To resolve this, The Ganga Water Treaty was signed in 1996, thus, allowing successful cooperation in harnessing water resources. Maritime connectivity was enhanced through the Protocol on Inland Water Trade, enabling direct movement of cargo through the river systems between the two nations. To boost connectivity by road, movement of goods was operationalised through Land Customs Stations which catered to more than 50% of bilateral trade. Apart from these, rail links are operational and there are regular bus services between the regions too.

Other areas go beyond trade and strategic partnership. The Indira Gandhi Cultural Centre in Bangladesh covers a wide gamut of cultural activities and has witnessed a steady rise in enrolments by natives of Bangladesh. About 10,000 strong Indian community is estimated to be living in Bangladesh. They are well respected and well-to-do socially and economically as a community. Moreover, in a 2014 survey, 70% of Bangladeshis expressed a favourable opinion and perception of India. This is our asset and the value of this asset is determined mainly by our investment in the relationship with our neighbour.

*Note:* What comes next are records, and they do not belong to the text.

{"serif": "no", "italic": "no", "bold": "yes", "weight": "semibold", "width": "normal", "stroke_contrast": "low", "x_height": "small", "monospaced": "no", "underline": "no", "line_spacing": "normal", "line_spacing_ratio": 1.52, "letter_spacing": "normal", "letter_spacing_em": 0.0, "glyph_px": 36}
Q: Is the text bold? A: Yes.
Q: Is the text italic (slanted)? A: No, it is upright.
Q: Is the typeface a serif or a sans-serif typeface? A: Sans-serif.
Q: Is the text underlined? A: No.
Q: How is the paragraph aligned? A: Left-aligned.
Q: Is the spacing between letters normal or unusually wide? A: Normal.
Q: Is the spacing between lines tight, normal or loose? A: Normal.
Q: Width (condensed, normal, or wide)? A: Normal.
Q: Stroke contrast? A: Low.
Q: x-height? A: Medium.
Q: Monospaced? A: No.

But look where we are merely six years down the line. The sense of camaraderie that prevailed earlier has evaporated and strong signals of regional solidarity are faint. India’s otherwise solid relationship with Bangladesh turned sour when Indian government completed NRC (National Register of Citizens), igniting popular resentment in Bangladesh over the possibility of a sudden influx of people forced out of Indian state. Bangladesh is now fearful of CAA (Citizenship Amendment Act, 2019).

Though India has assured that these are internal issues but the concern reverberates and has led to a reduction in the warmth shared by two countries. Furthermore, CAA caused waves of anxiety as it provided citizenship to persecuted religious minorities from various countries including Bangladesh, indirectly indicating the poor treatment of religious minorities in Bangladesh.
These rising tensions have set off deep disquiet in Dhaka, pushing public consensus towards China.

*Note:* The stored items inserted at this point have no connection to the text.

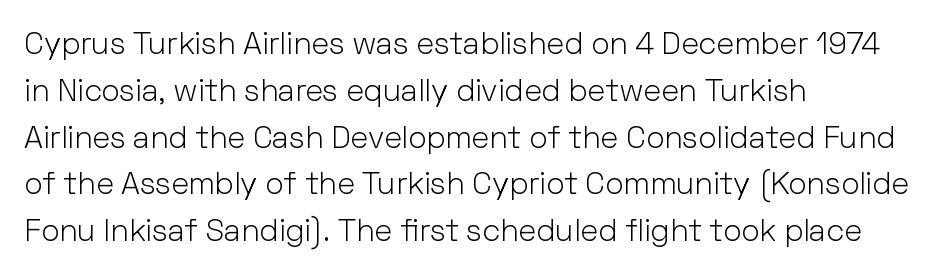
Q: Is the text bold? A: No.
Q: Is the text italic (slanted)? A: No, it is upright.
Q: Is the typeface a serif or a sans-serif typeface? A: Sans-serif.
Q: Is the text underlined? A: No.
Q: How is the paragraph aligned? A: Left-aligned.
Q: Is the spacing between letters normal or unusually wide? A: Normal.
Q: Is the spacing between lines tight, normal or loose? A: Normal.
Q: Width (condensed, normal, or wide)? A: Normal.
Q: Stroke contrast? A: Low.
Q: x-height? A: Medium.
Q: Monospaced? A: No.
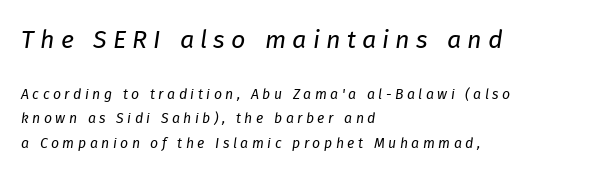
The image shows 25 px text type, italic (leaning right); set left-aligned, line spacing 1.73x, unusually wide letter spacing (+0.25 em), not underlined; the first (top) block is 1.79x larger.
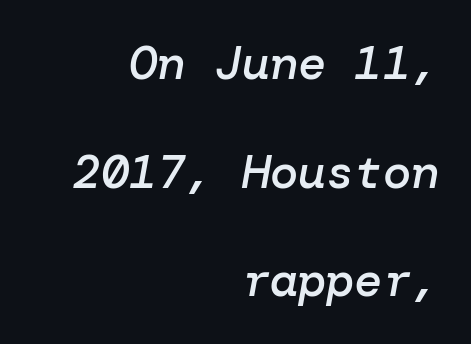
The image shows 47 px semibold type, italic (leaning right); set right-aligned, loose line spacing (2.31x), normal letter spacing, not underlined; low stroke contrast and a medium x-height.
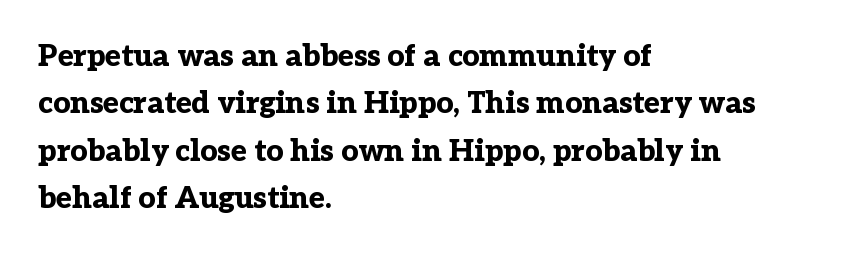
Letter spacing: default. Is this a fixed-width face? No — the glyphs have proportional, varying widths. The rows are spaced the way most documents space them. Set as a true bold cut, around the 700 mark. The passage is arranged the way most books set body copy — flush left. Look at the bottom of the vertical strokes: they flare into serifs here.

China’s expansionism in the region is leading to the deterioration of our relationship with our neighbours as they find a growing appeal in China’s authoritarian paradigm than India’s democratic one. As a result, almost all our neighbours now bear grudges. But Indo-Bangladesh partnership has plenty of room to grow. Therefore, at this juncture when India is losing its neighbouring countries, it is quite essential to ramp up relations with Bangladesh and build people to people relations across the border. Failing to do so would tilt Bangladesh completely towards China.